O promotor de justiça Júlio César de Medeiros Silva, da Promotoria Cível de Tarauacá, após tomar conhecimento do áudio contendo o discurso proferido em tribuna, dia 13/12/22, pelo vereador Francisco Feitoza Batista (PDT), onde acusa o promotor de perseguição e de atrapalhar o desenvolvimento da cidade, determinou a degravação do conteúdo – veja o despacho aqui.
Abaixo seguem alguns trechos do áudio, degravados pela equipe técnica do Ministério Público do Acre com os respectivos destaques:
(…) eles falam da minha colônia, e investigaram para saber esta história e que mais tarde saiu, a tão almejada, para os meus adversários, a diária dos vereadores de Tarauacá. O promotor ontem protocolou que tudo que nós aprovamos aqui no ano passado já estava denunciado, ofereceu a denúncia à Justiça das diárias dos vereadores de Tarauacá.
E ai o Promotor, será que algum colega se sente covarde, corrupto, porque recebeu as diárias? Eu já vi colega aqui elogiando o Promotor, e eu não sou obrigado a elogiar o Promotor, uma coisa é ele me denunciar, outra coisa é eu me defender no estado de direito, o meu direito eu vou defender até a última consequência.
E não me envergonho de ter aprovado tudo que aprovamos aqui, se for preciso eu faço tudo de novo. QUALQUER UM COLEGA, QUE PRECISAR DE DIÁRIA, até o dia 30 deste mês, EU DOU, SE ELE ME CONVENCER que vai fazer um trabalho para esta cidade.
Agora é muito fácil, e pode reconhecer o trabalho DO MINISTÉRIO PÚBLICO, agora o Promotor Júlio César precisa entender esta cidade, ele precisa entender onde nós moramos, ele precisa entender quanto se gasta para ir em Rio Branco de Biz, porque ele mesmo ganha por 5 (cinco) vereador, o salário de Promotor é quase R$ 35.000, (trinta e cinco mil reais) fora outras regalias, então ele fica à vontade pra me perseguir também, se era essa a missão dele, mas eu não tenho medo porque sou cidadão, cumpridor do meu dever, e eu não devo nada a ninguém, não tenho rabo preso com ninguém da terra. (…)
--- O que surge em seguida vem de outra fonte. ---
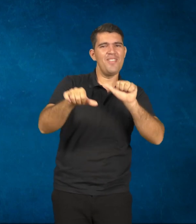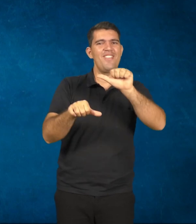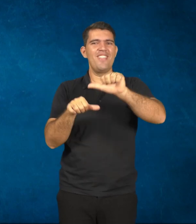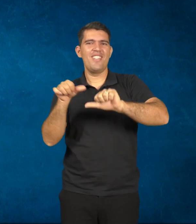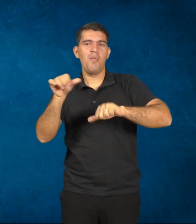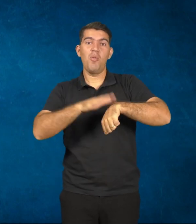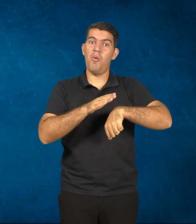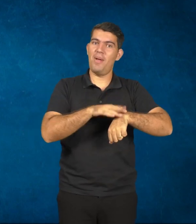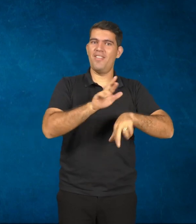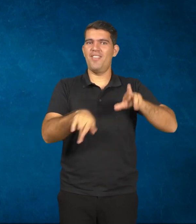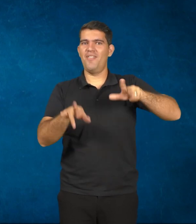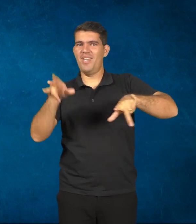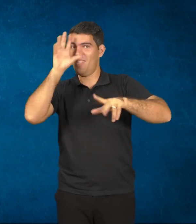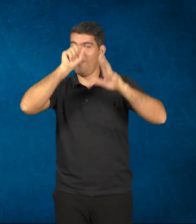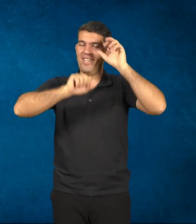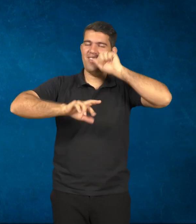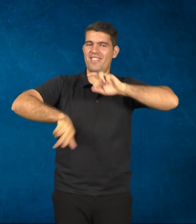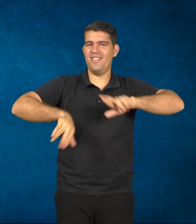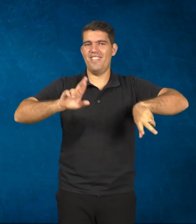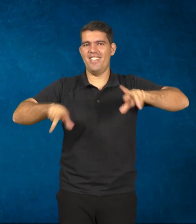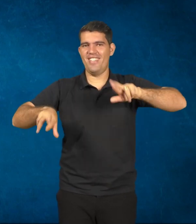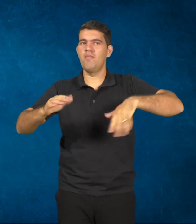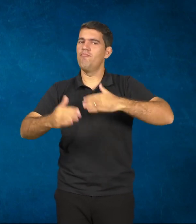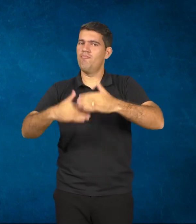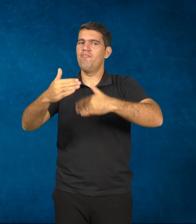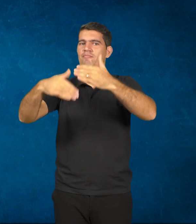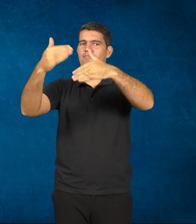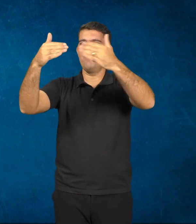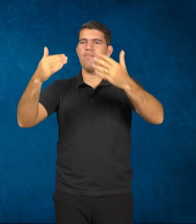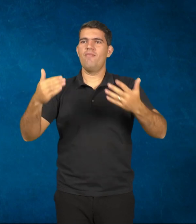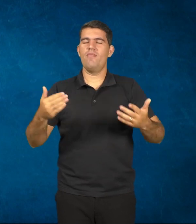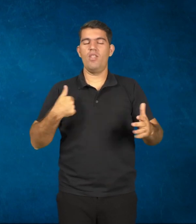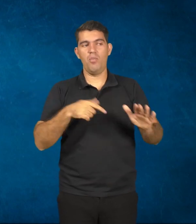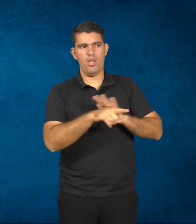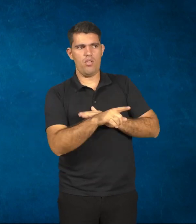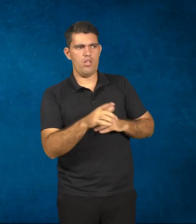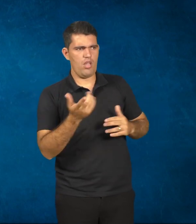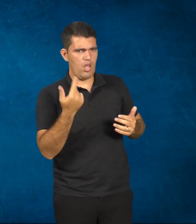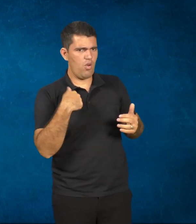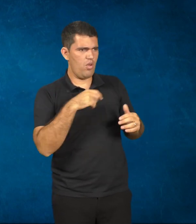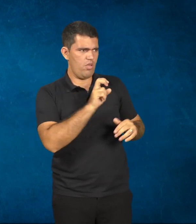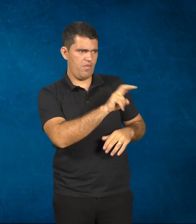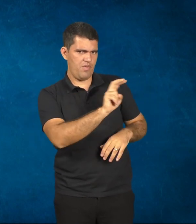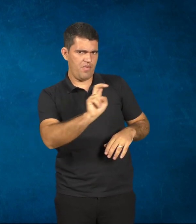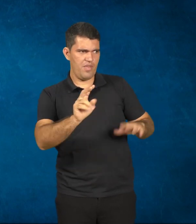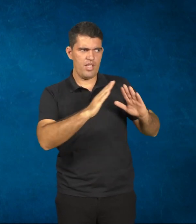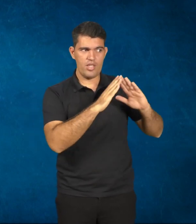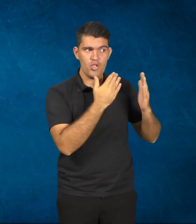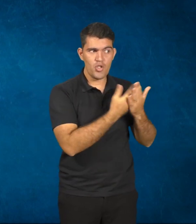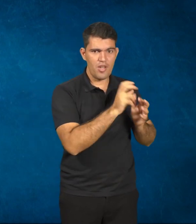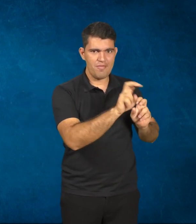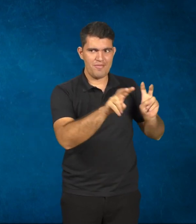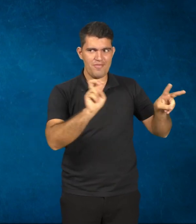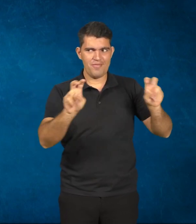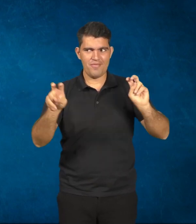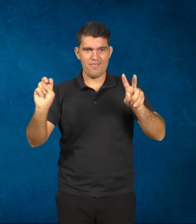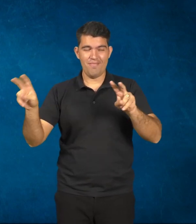momento. Agora, Simone, caminhando pelas escolas, eu vejo que também tem uma realidade, muitas da Secretaria

(…) Como é que hoje pode ter um comentário, “ah, o fulano não vota em ti porque não tem uma panelinha lá, porque precisa de um cargo pra fulano, e só quem tem regalia é o fulano”. Gente, nós não podemos dar assim, nós temos aí um monte de pessoas poderosas, inclusive o Promotor, ele está aí nos caçando e nós vamos ficar aqui nos digladiando? Eu não tenho problema nenhum com ninguém, eu não tenho vergonha da minha trajetória política. (…) Sempre zelei pelos votos que recebi, pelos meus amigos que me ajudaram e sempre zelei pela minha família.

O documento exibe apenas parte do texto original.